Despite that good news, the majority of Class 1 railroads suffered drops in revenue and operating income in 1998, according to data provided by the federal Surface Transportation Board (STB). The Union Pacific alone saw its revenue drop by more than $600 million, while its operating income shrank by $337 million. The CSX, Norfolk Southern, Soo Line, and Grand Trunk railroads also suffered reductions in both revenue and income.
Only the Burlington Northern-Santa Fe and Conrail saw significant financial improvement last year. Yet in early 1999, the BNSF failed to meet earnings projections and announced substantial layoffs. And Conrail has ceased to exist as an independent railroad; its assets and operations have been divided between Norfolk Southern and CSX Transportation.
Rail revenue principally is driven by demand for bulk commodities. The outlook for domestic and export coal, chemicals, and agricultural commodities is uncertain at best. Rockey reports that carloadings of agricultural products were off 0.8 percent in 1998, mostly because of exceptionally low grain prices and a resulting sluggish market. Domestic and international chemical demand also is slumping.
At the same time, high BTU coal remains in high demand, but industry watchers are concerned about shifts in fuel source preferences. "The railroad industry depends on the transportation of coal for 22 percent of [its] annual revenues," says Robert Delaney, executive vice president of Cass Information Systems, a freight audit and payment company. That dependence could prove to be dangerous because 88 percent of power plants that currently are being planned are choosing natural gas rather than coal as their primary fuel, Delaney says. "The industries that depend on rail service will have to pay more as coal revenues decline. No scheme of economic regulation can replace our railroads' need for revenue in order to maintain their $7 billion in annual capital expenditures."
The intermodal sector of the industry, on the other hand, is making a strong comeback. In 1998, intermodal volume climbed to 8.7 million trailers and containers, up 0.9 percent from 1997, when the previous record was established, according to the AAR. Canadian intermodal traffic also set a record, reaching 1.36 million trailers and containers.
Intermodal service is improving markedly, says Michael J. Bruns, president of the Memphis-based drayage company Comtrak Logistics. "Shippers are regaining their confidence in the reliability of intermodal service," says Bruns, who also is 1999 president of the Intermodal Association of North America (IANA). "Both volume and revenues are recovering nicely. Intermodal is beginning to take market share away from over-the-road competitors."

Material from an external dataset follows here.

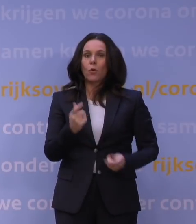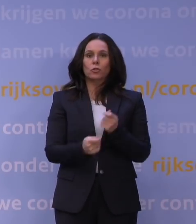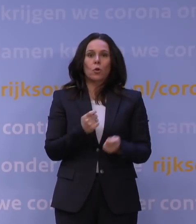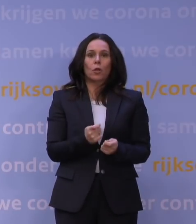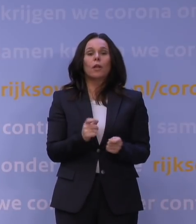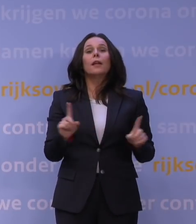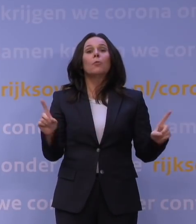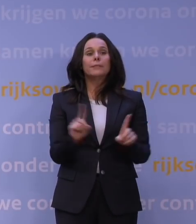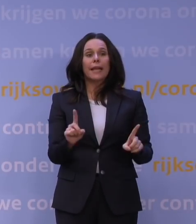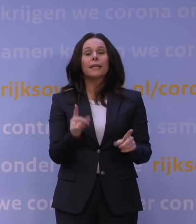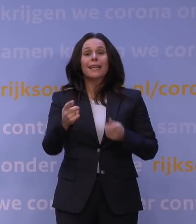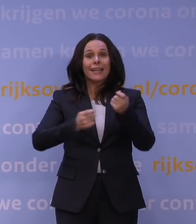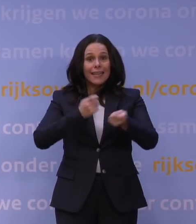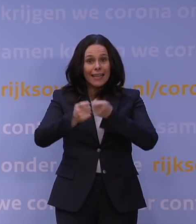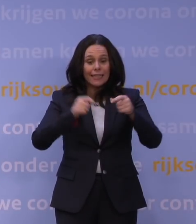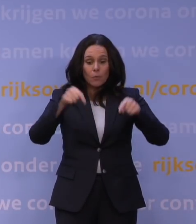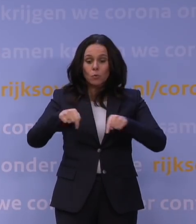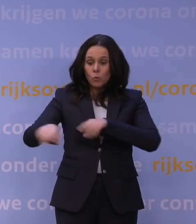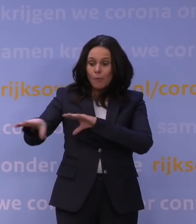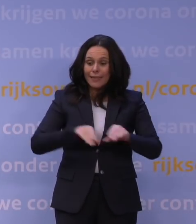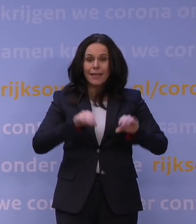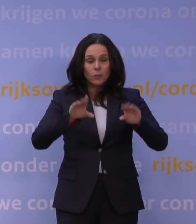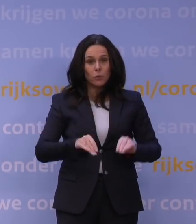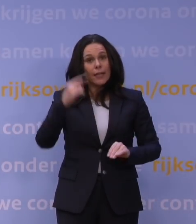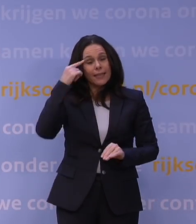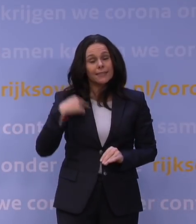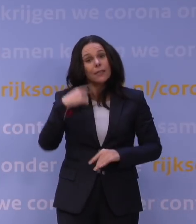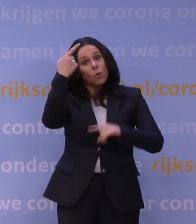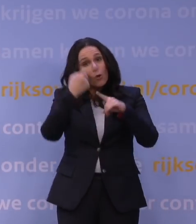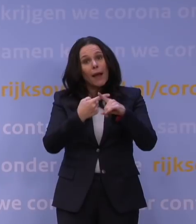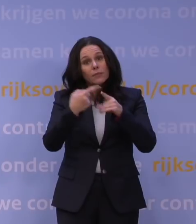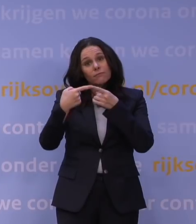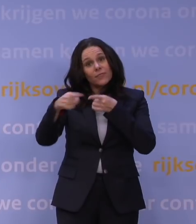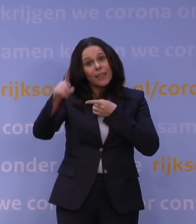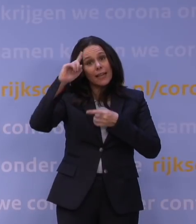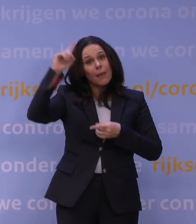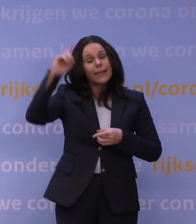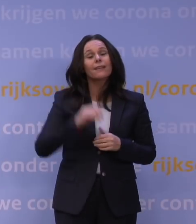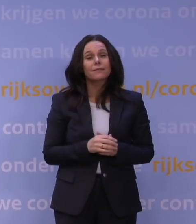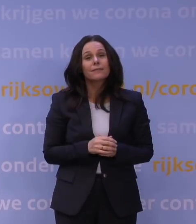moet de regering nu deze maatregelen nemen en ik denk, maar nogmaals hoor, daar verschillen wij over van mening, denk ik, maar daarom ben ik zo benieuwd

The intermodal industry has its own financial challenges, Bruns concedes. Intermodal companies are looking at much tighter cost control to improve their profitability, he says. One avenue to tighter cost control is consolidation, both among intermodal marketing companies (IMCs) and drayage firms.
Rail Regulation Redux?
The greatest threat facing the rail industry, at least from the industry's perspective, is the potential for reregulation. Regulatory changes are the subject of numerous pieces of legislation under consideration in both houses of Congress. Shippers' calls for tighter regulation of the railroads were born out of frustration during the Union Pacific/Southern Pacific service crisis, but enthusiasm for increased regulation persists because of dissatisfaction with high rates, especially on the part of captive shippers. These shippers have had difficulty negotiating competitive "bottleneck rates" for moving their traffic over more than one carrier's track. (A bottleneck occurs when one railroad controls a portion of a route. The bottleneck railroads generally offer rates only for through routings and will not quote rates for service up to a point where competitive alternatives are available to shippers. The STB has endorsed the practice as legal.) The most aggressive captive shippers are calling for open access by competing carriers to facilities that now are served by a single carrier.
One possible vehicle for tightening regulation is a bill to reauthorize the Surface Transportation Board for another four years. Authorization for the STB expired Oct.1, 1998, and some sort of reauthorization bill must be enacted. The potential exists for legislators to use any reauthorization bill as a means to change the board's direction.
In the Senate, two separate bills have been introduced. Senators Jay Rockefeller (D-W.Va.), Byron Dorgan (D-N.D.), Conrad Burns (R. Mont.), and Pat Roberts (R-Kan.) introduced S. 621. Among other things, that bill would reverse the STB's decision in the "bottleneck" case; direct the agency to assure rail-to-rail competition at origin and destination points; expand the award of terminal trackage rights and reciprocal switching; cap rates for agricultural shippers moving fewer than 4,000 cars annually; and eliminate the agency's revenue-adequacy determination.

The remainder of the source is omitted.